Sunday, October 30, 2005

Treatments differ for rheumatoid arthritis

Treatments differ for rheumatoid arthritis

Q: My mother has rheumatoid arthritis, which developed about a year ago. Could you tell me what treatments are used now and who to see about it?

A: The current treatment of rheumatoid arthritis is not new news at this point. During the past 15 years, the standard of care shifted from what we all were used to. Previously, a doctor would prescribe drugs like aspirin, ibuprofen, naproxen and other NSAIDS (non-steroidal anti-inflammatory drugs). If that didn't work well enough, the next step would be gold therapy, or prednisone. Finally, if the disease progressed, the doctor would turn to low doses of drugs used for cancer chemotherapy. In low doses, physicians call these "disease-modifying agents."

Rheumatoid arthritis and several other "autoimmune" diseases come from the immune system mistakenly attacking the person rather than foreign invaders. Therefore, the joints are the prime target in rheumatoid arthritis, causing deformity and loss of function. In lupus (SLE), many types of connective tissue and organs are targeted, and the joint disease doesn't cause deformity.

For many years, doctors hesitated to use the cancer treatment drugs, even though they knew that these drugs knocked the immune system down. The fear of the possible side effects kept these drugs in reserve.

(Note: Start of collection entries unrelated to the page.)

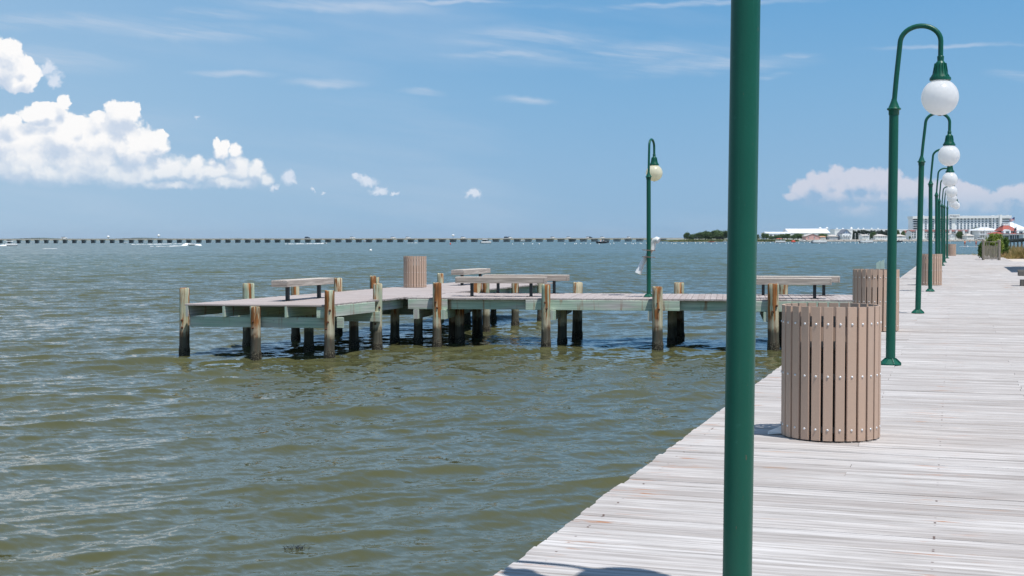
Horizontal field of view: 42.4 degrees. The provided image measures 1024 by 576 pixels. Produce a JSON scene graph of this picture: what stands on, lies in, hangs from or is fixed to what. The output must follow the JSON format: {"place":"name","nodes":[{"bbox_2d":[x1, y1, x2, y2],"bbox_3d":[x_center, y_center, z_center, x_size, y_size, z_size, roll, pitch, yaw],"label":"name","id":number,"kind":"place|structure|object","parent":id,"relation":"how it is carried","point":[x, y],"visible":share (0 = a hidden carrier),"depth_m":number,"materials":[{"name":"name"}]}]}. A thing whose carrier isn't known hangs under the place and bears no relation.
{"place":"outdoors","nodes":[
{"label":"outdoors","id":0,"kind":"place"},
{"bbox_2d":[13,238,760,238],"bbox_3d":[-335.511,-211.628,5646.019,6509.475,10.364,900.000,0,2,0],"label":"wooded hills","id":1,"kind":"structure","parent":0,"point":[115,238],"depth_m":5196.27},
{"bbox_2d":[188,239,678,239],"bbox_3d":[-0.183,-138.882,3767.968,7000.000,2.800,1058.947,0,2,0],"label":"salt marsh","id":2,"kind":"structure","parent":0,"point":[427,239],"depth_m":3343.06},
{"bbox_2d":[0,240,1023,575],"bbox_3d":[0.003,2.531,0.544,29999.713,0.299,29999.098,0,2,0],"label":"water","id":3,"kind":"structure","parent":0,"point":[132,442],"depth_m":20.12,"materials":[{"name":"green liquid"}]},
{"bbox_2d":[283,544,310,549],"bbox_3d":[-1.775,2.145,10.884,0.231,0.049,0.185,0,2,0],"label":"seaweed clump","id":4,"kind":"object","parent":3,"relation":"on","point":[296,546],"visible":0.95,"depth_m":10.88,"materials":[{"name":"plant"}]},
{"bbox_2d":[0,238,682,242],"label":"causeway bridge","id":5,"kind":"structure","parent":3,"relation":"in","point":[248,240],"depth_m":987.29,"materials":[{"name":"concrete"}]},
{"bbox_2d":[179,273,852,360],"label":"fishing pier","id":6,"kind":"structure","parent":3,"relation":"in","point":[331,312],"depth_m":30.88,"materials":[{"name":"grey wood"}]},
{"bbox_2d":[271,278,333,300],"bbox_3d":[-4.836,0.027,30.633,0.400,0.473,2.205,1,2,21],"label":"bench","id":7,"kind":"object","parent":6,"relation":"on","point":[287,284],"visible":1,"depth_m":30.18,"materials":[{"name":"grey wood"}]},
{"bbox_2d":[403,256,426,286],"bbox_3d":[-2.807,-0.475,38.202,0.673,0.894,0.672,-1,2,-22],"label":"litter bin","id":8,"kind":"object","parent":6,"relation":"on","point":[415,274],"visible":1,"depth_m":37.93,"materials":[{"name":"wood"}]},
{"bbox_2d":[451,268,489,284],"bbox_3d":[-1.250,-0.345,40.494,0.400,0.473,2.205,1,2,21],"label":"bench","id":9,"kind":"object","parent":6,"relation":"on","point":[463,272],"visible":0.9,"depth_m":39.89,"materials":[{"name":"grey wood"}]},
{"bbox_2d":[455,277,546,296],"bbox_3d":[-0.259,-0.034,32.106,2.205,0.473,0.400,0,2,9],"label":"bench","id":10,"kind":"object","parent":6,"relation":"on","point":[473,280],"visible":1,"depth_m":31.93,"materials":[{"name":"grey wood"}]},
{"bbox_2d":[482,274,569,292],"bbox_3d":[0.361,-0.103,33.925,2.205,0.473,0.400,0,2,9],"label":"bench","id":11,"kind":"object","parent":6,"relation":"on","point":[554,278],"visible":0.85,"depth_m":33.73,"materials":[{"name":"grey wood"}]},
{"bbox_2d":[644,138,662,296],"bbox_3d":[3.384,-1.703,31.907,0.402,3.817,0.809,1,2,22],"label":"street lamp","id":12,"kind":"object","parent":6,"relation":"on","point":[654,172],"visible":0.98,"depth_m":31.63,"materials":[{"name":"green metal"}]},
{"bbox_2d":[635,237,660,274],"bbox_3d":[3.270,-0.776,31.749,0.616,0.919,0.255,0,2,0],"label":"recycling tube","id":13,"kind":"object","parent":12,"relation":"attached to","point":[643,261],"visible":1,"depth_m":31.74,"materials":[{"name":"white plastic"}]},
{"bbox_2d":[756,278,831,298],"bbox_3d":[6.316,0.006,30.805,2.205,0.473,0.400,0,2,9],"label":"bench","id":14,"kind":"object","parent":6,"relation":"on","point":[814,282],"visible":0.59,"depth_m":30.57,"materials":[{"name":"grey wood"}]},
{"bbox_2d":[757,276,839,295],"bbox_3d":[6.916,-0.056,32.444,2.205,0.473,0.400,0,2,9],"label":"bench","id":15,"kind":"object","parent":6,"relation":"on","point":[835,279],"visible":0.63,"depth_m":32.25,"materials":[{"name":"grey wood"}]},
{"bbox_2d":[811,240,826,242],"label":"pontoon boat","id":16,"kind":"object","parent":3,"relation":"on","point":[818,241],"visible":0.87,"depth_m":683.86,"materials":[{"name":"metal"}]},
{"bbox_2d":[859,240,872,242],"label":"pontoon boat","id":17,"kind":"object","parent":3,"relation":"on","point":[865,241],"visible":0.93,"depth_m":713.61,"materials":[{"name":"metal"}]},
{"bbox_2d":[876,260,883,269],"bbox_3d":[9.823,0.637,35.249,0.204,2.796,0.140,1,2,18],"label":"mooring post","id":18,"kind":"object","parent":3,"relation":"in","point":[879,265],"visible":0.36,"depth_m":35.13,"materials":[{"name":"teal"}]},
{"bbox_2d":[1009,238,1023,246],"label":"walkway pier","id":19,"kind":"structure","parent":3,"relation":"in","point":[1018,240],"depth_m":306.34,"materials":[{"name":"grey wood"}]},
{"bbox_2d":[0,0,1023,238],"label":"sky","id":20,"kind":"structure","parent":0,"point":[119,118],"materials":[{"name":"blue"}]},
{"bbox_2d":[683,232,689,238],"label":"broadleaf tree","id":21,"kind":"object","parent":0,"point":[686,235],"visible":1,"depth_m":1073.01,"materials":[{"name":"green plant"}]},
{"bbox_2d":[668,241,798,241],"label":"marsh ground","id":22,"kind":"structure","parent":0,"point":[720,241],"depth_m":1010.88,"materials":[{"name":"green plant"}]},
{"bbox_2d":[693,232,704,238],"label":"broadleaf tree","id":23,"kind":"object","parent":22,"relation":"on","point":[698,235],"visible":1,"depth_m":1051.55,"materials":[{"name":"green plant"}]},
{"bbox_2d":[660,239,798,240],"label":"marsh grass","id":24,"kind":"structure","parent":22,"relation":"on","point":[726,240],"depth_m":1015.02,"materials":[{"name":"green plant"}]},
{"bbox_2d":[1009,217,1014,238],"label":"flag pole","id":25,"kind":"object","parent":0,"point":[1012,219],"visible":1,"depth_m":998.92,"materials":[{"name":"metal"}]},
{"bbox_3d":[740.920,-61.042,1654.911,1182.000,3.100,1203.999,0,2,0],"label":"far shore","id":26,"kind":"structure","parent":0,"visible":0},
{"bbox_2d":[703,232,713,238],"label":"broadleaf tree","id":27,"kind":"object","parent":26,"relation":"on","point":[708,235],"visible":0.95,"depth_m":1069.16,"materials":[{"name":"green plant"}]},
{"bbox_2d":[711,229,722,238],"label":"broadleaf tree","id":28,"kind":"object","parent":26,"relation":"on","point":[714,232],"visible":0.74,"depth_m":1073.59,"materials":[{"name":"green plant"}]},
{"bbox_2d":[714,232,723,238],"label":"broadleaf tree","id":29,"kind":"object","parent":26,"relation":"on","point":[718,236],"visible":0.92,"depth_m":1064.24,"materials":[{"name":"green plant"}]},
{"bbox_2d":[761,232,789,238],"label":"storage shed","id":30,"kind":"structure","parent":26,"relation":"on","point":[774,233],"depth_m":1249.03,"materials":[{"name":"white paint"}]},
{"bbox_2d":[783,234,790,238],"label":"broadleaf tree","id":31,"kind":"object","parent":26,"relation":"on","point":[786,236],"visible":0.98,"depth_m":1096.23,"materials":[{"name":"green plant"}]},
{"bbox_2d":[783,227,829,238],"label":"storage shed","id":32,"kind":"structure","parent":26,"relation":"on","point":[809,231],"depth_m":1264.27,"materials":[{"name":"white paint"}]},
{"bbox_2d":[802,234,818,239],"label":"house","id":33,"kind":"structure","parent":26,"relation":"on","point":[810,237],"depth_m":1074.26,"materials":[{"name":"pink"}]},
{"bbox_2d":[826,235,838,239],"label":"house","id":34,"kind":"structure","parent":26,"relation":"on","point":[831,237],"depth_m":1077.26,"materials":[{"name":"grey"}]},
{"bbox_2d":[837,229,851,239],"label":"house","id":35,"kind":"structure","parent":26,"relation":"on","point":[845,234],"depth_m":1071.17,"materials":[{"name":"white paint"}]},
{"bbox_2d":[830,229,886,238],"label":"townhouse row","id":36,"kind":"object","parent":26,"relation":"on","point":[834,231],"visible":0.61,"depth_m":1328.78,"materials":[{"name":"white paint"}]},
{"bbox_2d":[858,234,868,239],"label":"house","id":37,"kind":"structure","parent":26,"relation":"on","point":[862,236],"depth_m":1075.31,"materials":[{"name":"white paint"}]},
{"bbox_2d":[871,234,886,239],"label":"house","id":38,"kind":"structure","parent":26,"relation":"on","point":[879,236],"depth_m":1075.29,"materials":[{"name":"white paint"}]},
{"bbox_2d":[796,239,985,241],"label":"riprap","id":39,"kind":"object","parent":26,"relation":"on","point":[852,240],"visible":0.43,"depth_m":1055.35,"materials":[{"name":"stone"}]},
{"bbox_2d":[897,234,905,239],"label":"house","id":40,"kind":"structure","parent":26,"relation":"on","point":[900,236],"depth_m":1075.26,"materials":[{"name":"white paint"}]},
{"bbox_2d":[906,230,916,239],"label":"townhouse","id":41,"kind":"structure","parent":26,"relation":"on","point":[912,233],"depth_m":1094.22,"materials":[{"name":"white paint"}]},
{"bbox_2d":[948,233,954,239],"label":"house","id":42,"kind":"structure","parent":26,"relation":"on","point":[951,236],"depth_m":1073.23,"materials":[{"name":"white paint"}]},
{"bbox_2d":[907,214,1011,229],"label":"hotel","id":43,"kind":"structure","parent":26,"relation":"on","point":[957,222],"depth_m":1418.30,"materials":[{"name":"white paint"}]},
{"bbox_2d":[956,231,962,237],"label":"broadleaf tree","id":44,"kind":"object","parent":26,"relation":"on","point":[958,234],"visible":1,"depth_m":1083.12,"materials":[{"name":"green plant"}]},
{"bbox_2d":[962,234,973,239],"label":"house","id":45,"kind":"structure","parent":26,"relation":"on","point":[967,236],"depth_m":1071.69,"materials":[{"name":"white paint"}]},
{"bbox_2d":[971,227,996,239],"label":"verandah building","id":46,"kind":"structure","parent":26,"relation":"on","point":[978,232],"depth_m":1078.30,"materials":[{"name":"white paint"}]},
{"bbox_2d":[987,224,1023,238],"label":"restaurant","id":47,"kind":"structure","parent":26,"relation":"on","point":[1005,230],"depth_m":1039.20,"materials":[{"name":"red paint"}]},
{"bbox_2d":[1008,222,1023,229],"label":"marquee roof","id":48,"kind":"structure","parent":26,"relation":"on","point":[1018,226],"depth_m":1115.24,"materials":[{"name":"white fabric"}]},
{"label":"sand bank","id":49,"kind":"structure","parent":0,"visible":0},
{"bbox_2d":[493,255,1023,575],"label":"boardwalk","id":50,"kind":"structure","parent":49,"relation":"on","point":[929,481],"depth_m":7.55,"materials":[{"name":"grey wood"}]},
{"bbox_2d":[723,0,760,575],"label":"street lamp","id":51,"kind":"object","parent":50,"relation":"on","point":[741,283],"visible":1,"depth_m":4.58,"materials":[{"name":"green metal"}]},
{"bbox_2d":[780,302,881,440],"bbox_3d":[2.260,0.579,9.358,0.694,0.922,0.693,0,2,-1],"label":"litter bin","id":52,"kind":"object","parent":50,"relation":"on","point":[831,373],"visible":1,"depth_m":9.08,"materials":[{"name":"beige wood"}]},
{"bbox_2d":[852,269,899,330],"bbox_3d":[5.527,0.176,20.056,0.694,0.922,0.693,-2,3,-41],"label":"litter bin","id":53,"kind":"object","parent":50,"relation":"on","point":[869,286],"visible":0.55,"depth_m":19.78,"materials":[{"name":"wood"}]},
{"bbox_2d":[881,23,958,365],"bbox_3d":[4.462,-1.015,14.457,0.793,3.742,0.394,1,2,19],"label":"street lamp","id":54,"kind":"object","parent":50,"relation":"on","point":[940,95],"visible":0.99,"depth_m":14.48,"materials":[{"name":"green metal"}]},
{"bbox_2d":[921,254,941,284],"bbox_3d":[12.496,-0.556,39.458,0.693,0.922,0.694,0,2,9],"label":"litter bin","id":55,"kind":"object","parent":50,"relation":"on","point":[936,269],"visible":0.66,"depth_m":39.17,"materials":[{"name":"wood"}]},
{"bbox_2d":[911,114,959,313],"bbox_3d":[7.865,-1.390,24.478,0.793,3.742,0.394,1,2,18],"label":"street lamp","id":56,"kind":"object","parent":50,"relation":"on","point":[948,153],"visible":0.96,"depth_m":24.50,"materials":[{"name":"green metal"}]},
{"bbox_2d":[926,149,957,291],"bbox_3d":[11.263,-1.778,34.600,0.793,3.742,0.394,0,2,17],"label":"street lamp","id":57,"kind":"object","parent":50,"relation":"on","point":[949,178],"visible":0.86,"depth_m":34.62,"materials":[{"name":"green metal"}]},
{"bbox_2d":[934,168,957,253],"bbox_3d":[14.874,-2.221,45.305,0.809,3.817,0.402,0,2,15],"label":"street lamp","id":58,"kind":"object","parent":50,"relation":"on","point":[952,191],"visible":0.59,"depth_m":45.30,"materials":[{"name":"green metal"}]},
{"bbox_2d":[938,180,956,253],"bbox_3d":[18.273,-2.661,55.484,0.833,3.930,0.414,0,2,20],"label":"street lamp","id":59,"kind":"object","parent":50,"relation":"on","point":[952,199],"visible":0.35,"depth_m":55.53,"materials":[{"name":"green metal"}]},
{"bbox_2d":[941,186,956,265],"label":"street lamp","id":60,"kind":"object","parent":50,"relation":"on","point":[954,204],"visible":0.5,"depth_m":67.12,"materials":[{"name":"green metal"}]},
{"bbox_2d":[943,193,957,262],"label":"street lamp","id":61,"kind":"object","parent":50,"relation":"on","point":[944,246],"visible":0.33,"depth_m":75.83,"materials":[{"name":"green metal"}]},
{"bbox_2d":[948,244,955,255],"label":"litter bin","id":62,"kind":"object","parent":50,"relation":"on","point":[951,249],"visible":0.83,"depth_m":104.67,"materials":[{"name":"wood"}]},
{"bbox_2d":[946,195,959,257],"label":"street lamp","id":63,"kind":"object","parent":50,"relation":"on","point":[958,207],"visible":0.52,"depth_m":91.32,"materials":[{"name":"green metal"}]},
{"bbox_2d":[977,241,981,257],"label":"shrub","id":64,"kind":"object","parent":50,"relation":"on","point":[979,250],"visible":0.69,"depth_m":93.88,"materials":[{"name":"green plant"}]},
{"bbox_2d":[982,240,1000,259],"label":"slatted railing","id":65,"kind":"object","parent":50,"relation":"on","point":[997,254],"visible":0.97,"depth_m":84.08,"materials":[{"name":"wood"}]},
{"bbox_2d":[985,233,1004,257],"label":"shrub","id":66,"kind":"object","parent":65,"relation":"in","point":[993,237],"visible":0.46,"depth_m":92.23,"materials":[{"name":"green plant"}]},
{"bbox_2d":[1017,270,1023,285],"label":"bench","id":67,"kind":"object","parent":50,"relation":"on","point":[1020,272],"visible":0.96,"depth_m":38.58,"materials":[{"name":"grey wood"}]},
{"bbox_2d":[973,244,1023,258],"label":"dune grass","id":68,"kind":"structure","parent":49,"relation":"on","point":[1017,252],"depth_m":95.79,"materials":[{"name":"plant"}]},
{"bbox_2d":[1001,236,1009,253],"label":"shrub","id":69,"kind":"object","parent":49,"relation":"on","point":[1005,241],"visible":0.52,"depth_m":96.74,"materials":[{"name":"green plant"}]}
]}

Then a change of heart occurred.

Years of experience with low doses of these cancer drugs had proven that low dose treatments had very little risk and did little or no serious harm compared to the terrible joint destruction that was occurring. Gradually, the thought grew that intervention should be done at the front end of the disease, rather than the later period. Once the disease destroys the joints, it's too late. Joint erosion is already visible by the fourth month of active disease on MRI.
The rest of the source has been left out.